Following [32] and [31], we perform a series of experiments to evaluate the performance of our approach under different levels of noise at test time. For a fair comparison, we evaluate our single-view model trained on Noisy GT and add different levels of Gaussian noise to ground truth 2D poses at test time. The evaluation results are presented in Table 6 and are compared with EDM [32] and SimpBase [31]. Even though the average localization error of SimpBase is lower than our model’s error by one centimeter when tested on perfect ground truth 2D poses, our model achieves lower localization errors as the noise increases. This indicates that incorporating the detector’s characteristics during training allows our model to better cope with the noise at test time.

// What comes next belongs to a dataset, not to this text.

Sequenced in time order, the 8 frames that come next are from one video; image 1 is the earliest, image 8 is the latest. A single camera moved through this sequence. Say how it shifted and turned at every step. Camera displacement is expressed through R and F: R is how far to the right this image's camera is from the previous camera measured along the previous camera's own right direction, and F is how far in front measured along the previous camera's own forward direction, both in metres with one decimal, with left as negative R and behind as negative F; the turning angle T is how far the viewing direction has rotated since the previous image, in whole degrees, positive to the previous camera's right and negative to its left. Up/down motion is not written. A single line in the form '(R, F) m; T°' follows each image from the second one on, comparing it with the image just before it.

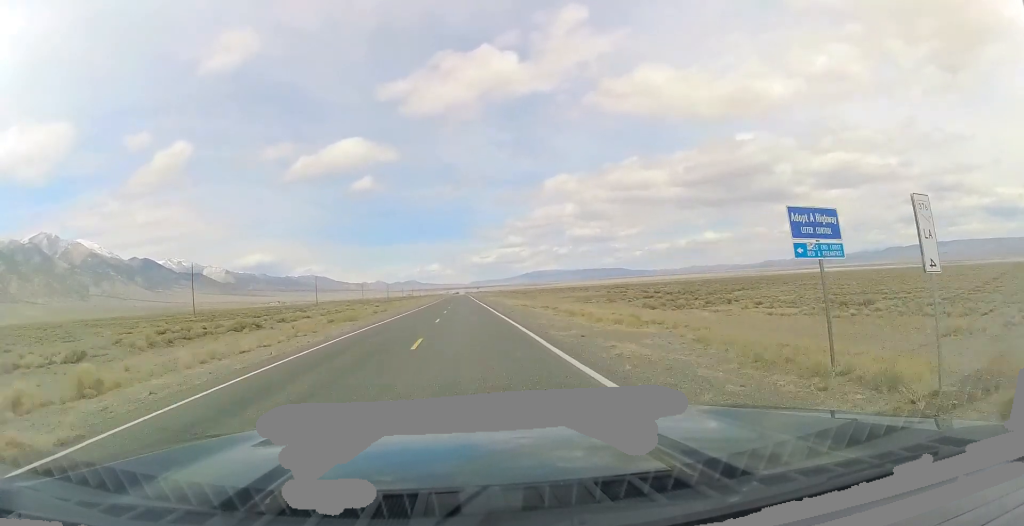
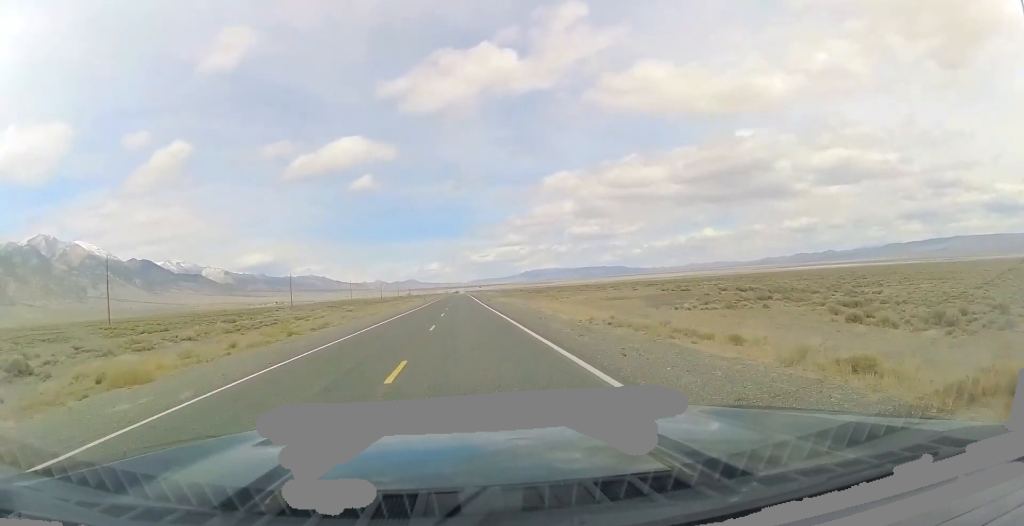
(+0.2, +33.1) m; 0°
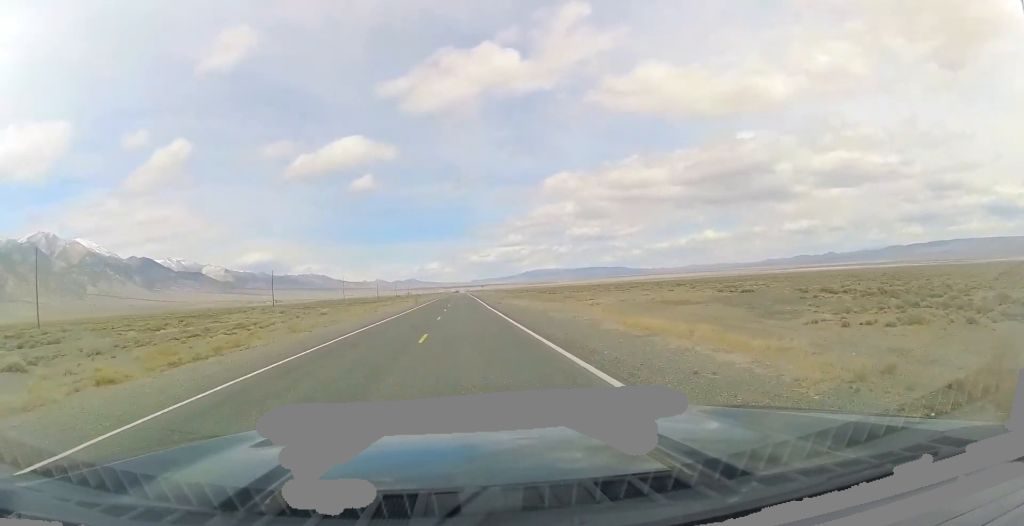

In a multi-view setup, a 3D body pose can have completely different projections to the views depending on the orientation of the person with respect to the reference coordinate system. We therefore need to construct our multi-view regression model in a way that is robust to these changes in the orientation of the person, as our model only relies on these 2D projections to compute 3D body poses. For this reason, we propose to augment the training data by rotating each 3D pose in Human3.6M w.r.t. the reference frame. Figure 6 shows the effect of this data augmentation. We report the results of our multi-view model <MV, Noisy GT> on the MVOR dataset as a function of the number of rotations applied to each 3D poses in Human3.6M. The results show that applying up to three random rotations decrease the error but applying more random rotation does not lead to any improvement. Apart from the evaluation results reported in Fig. 6, for all the other evaluation on MVOR we always use our multi-view model trained on the train set of Human3.6M, which is augmented by applying three random rotations to each 3D pose.

5 Conclusions

We have presented an easily generalizable approach for estimating 3D body poses using multi-view data. We have proposed a two-step framework to tackle this problem, which separates single-view pose detection from multi-view 3D pose regression. The proposed approach permits to effectively exploit existing datasets to generalize to new multi-view environments. We have used a multi-stage neural network as regression function to estimate 3D poses. Our model has been trained on data generated from a set of valid 3D poses by projecting the 3D poses using the camera parameters used at the test time and by incorporating the characteristics of the single-view pose detector. Our evaluation results have indicated the effectiveness and importance of incorporating the detector’s characteristics during training, as it significantly reduced the localization error and achieved results on par with models trained on the output of the detector. We have also evaluated the generalization of our approach on the multi-person MVOR dataset by using only the camera configuration parameters from this dataset during training, but no image data. Our approach yielded fairly accurate results and outperforms the state-of-the-art model on this dataset. The results also showed that the localization error dramatically decreases as the number of supporting views increases. This highlights the benefit of our approach in leveraging multi-view data to obtain a reliable model for crowded and cluttered environments. To the best of our knowledge, this is also the first multi-view RGB approach that has been quantitatively evaluated on a real-world dataset for the task of 3D body part localization.

Future work will focus on improving the training data generation approach by taking human body kinematic constraints into account and on extending the 3D regressor model to enforce appearance similarity among different views.